**Problem statement:**
All the entries need to be duplicated exactly, with the pictures omitted.

Collected data entries
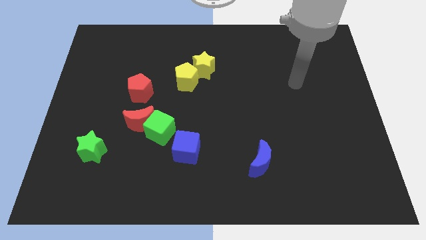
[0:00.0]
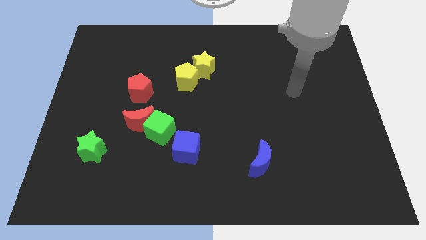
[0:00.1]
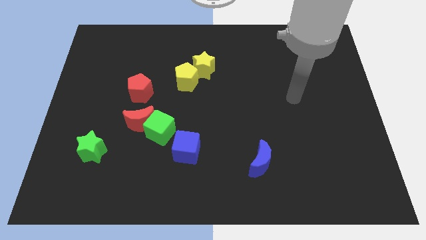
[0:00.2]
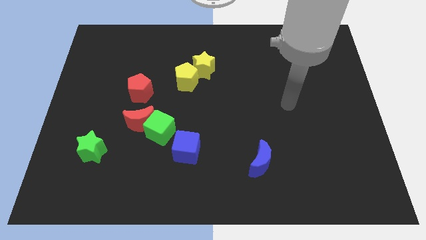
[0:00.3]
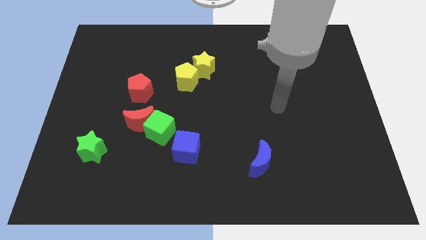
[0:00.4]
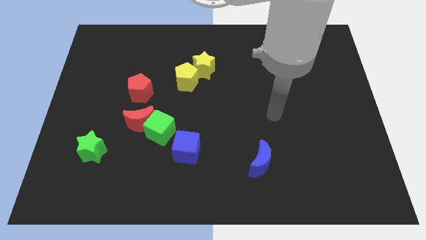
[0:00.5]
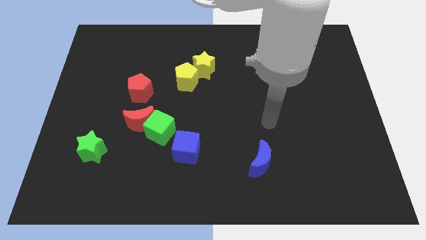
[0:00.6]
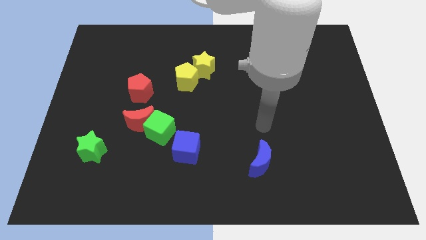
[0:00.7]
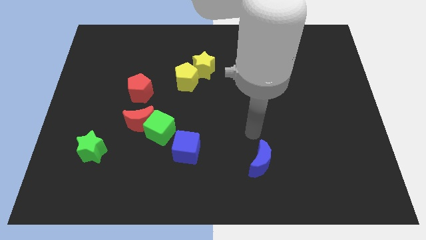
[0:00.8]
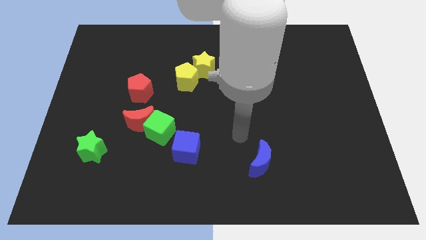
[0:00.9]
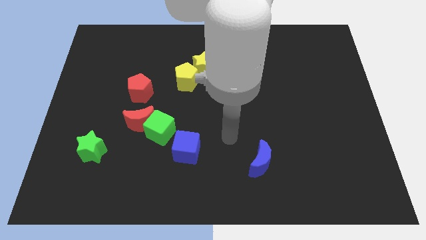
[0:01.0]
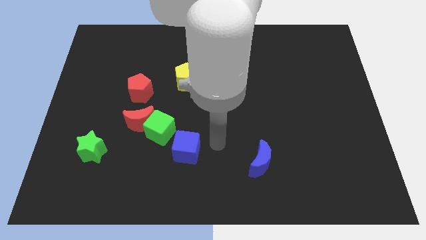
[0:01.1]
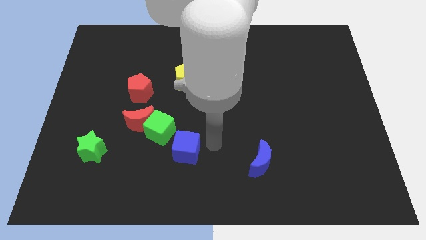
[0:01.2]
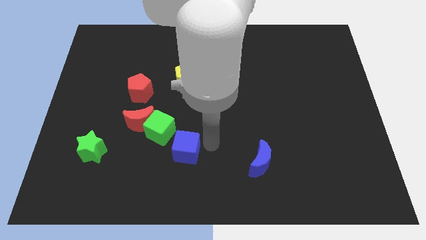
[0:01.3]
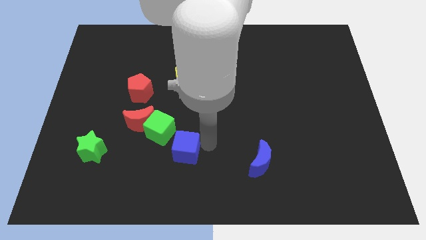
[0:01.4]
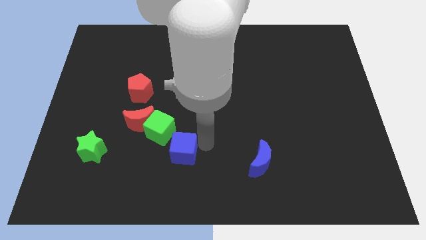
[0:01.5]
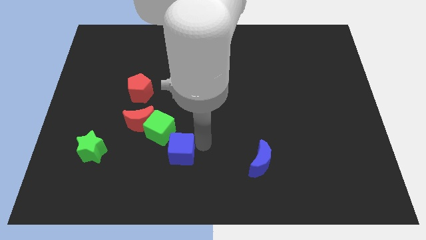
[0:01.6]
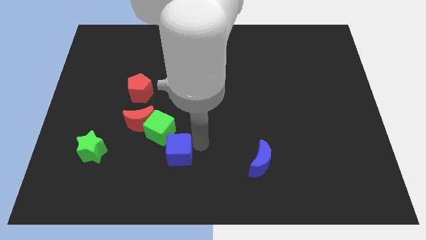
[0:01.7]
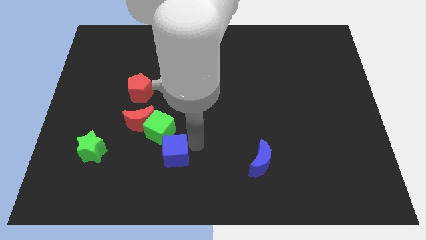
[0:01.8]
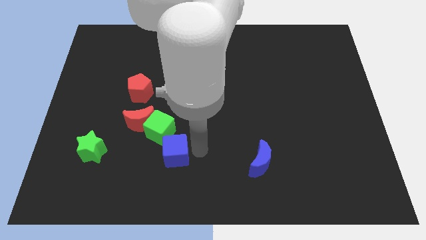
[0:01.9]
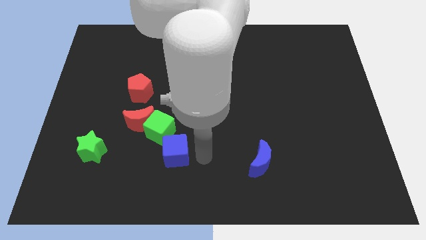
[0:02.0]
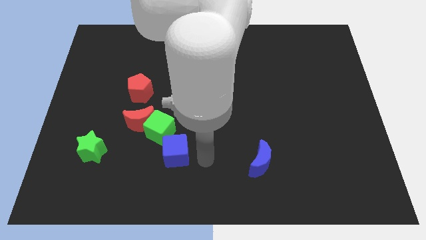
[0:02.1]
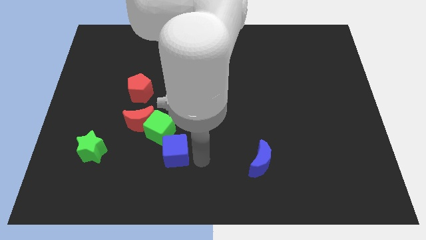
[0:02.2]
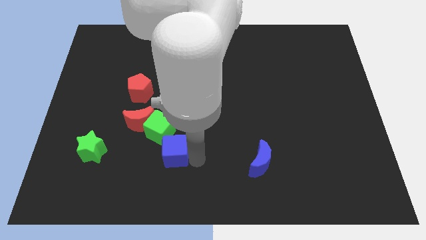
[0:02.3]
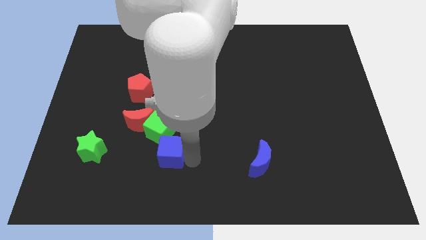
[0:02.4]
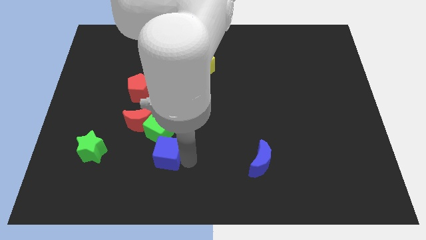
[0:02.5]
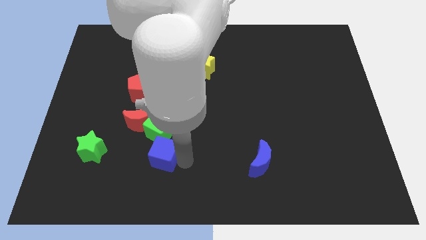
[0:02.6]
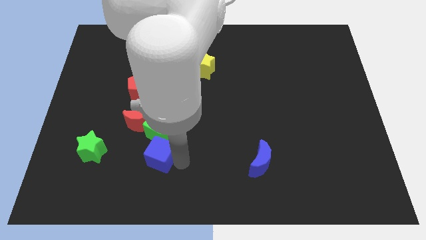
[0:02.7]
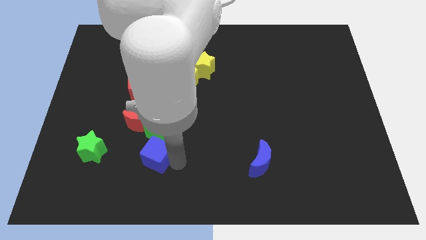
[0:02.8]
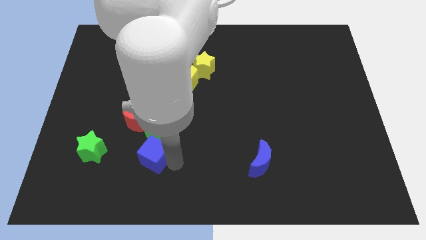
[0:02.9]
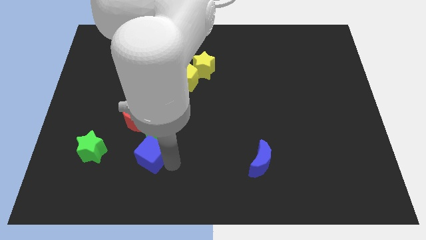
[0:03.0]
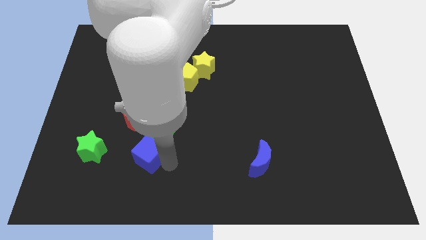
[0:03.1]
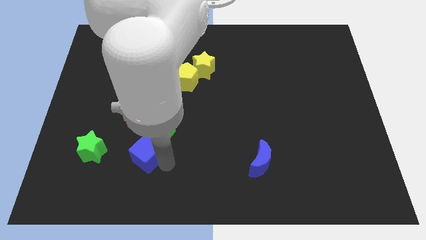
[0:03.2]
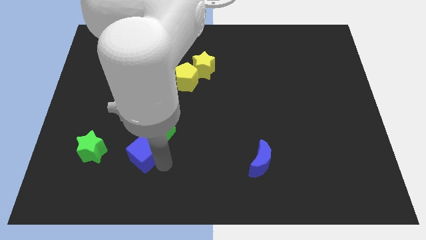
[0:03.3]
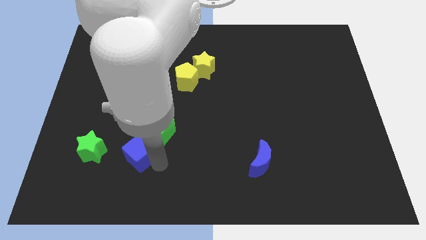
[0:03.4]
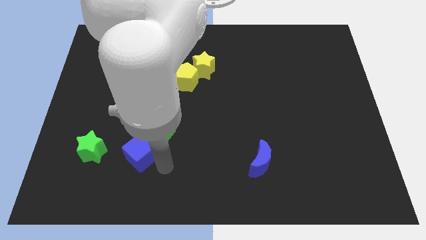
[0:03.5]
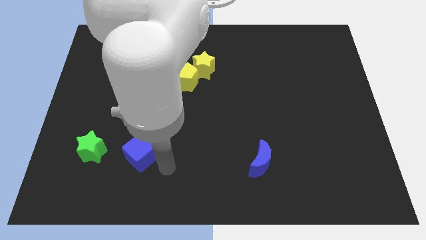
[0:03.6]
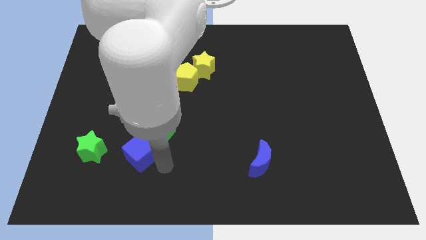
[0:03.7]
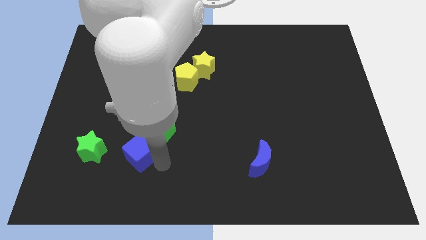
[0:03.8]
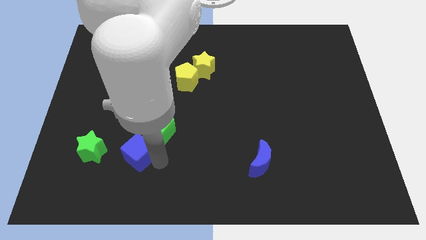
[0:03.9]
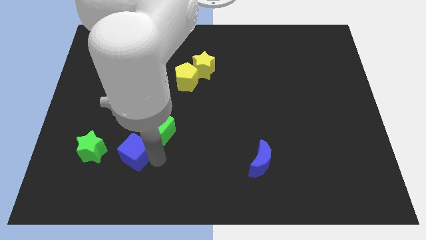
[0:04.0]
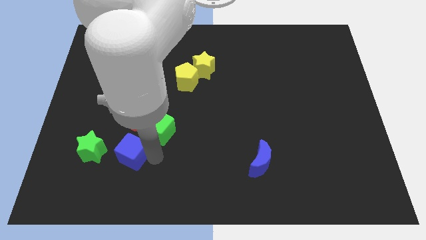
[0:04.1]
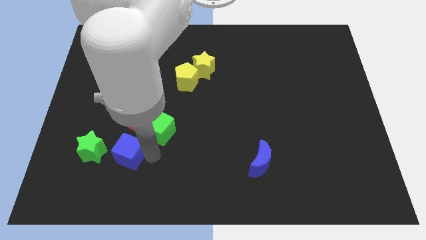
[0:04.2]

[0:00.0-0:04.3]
put the blue cube to the bottom left side of the red moon

**Answer to this task:**
[0:00.0]
[0:00.1]
[0:00.2]
[0:00.3]
[0:00.4]
[0:00.5]
[0:00.6]
[0:00.7]
[0:00.8]
[0:00.9]
[0:01.0]
[0:01.1]
[0:01.2]
[0:01.3]
[0:01.4]
[0:01.5]
[0:01.6]
[0:01.7]
[0:01.8]
[0:01.9]
[0:02.0]
[0:02.1]
[0:02.2]
[0:02.3]
[0:02.4]
[0:02.5]
[0:02.6]
[0:02.7]
[0:02.8]
[0:02.9]
[0:03.0]
[0:03.1]
[0:03.2]
[0:03.3]
[0:03.4]
[0:03.5]
[0:03.6]
[0:03.7]
[0:03.8]
[0:03.9]
[0:04.0]
[0:04.1]
[0:04.2]

[0:00.0-0:04.3]
put the blue cube to the bottom left side of the red moon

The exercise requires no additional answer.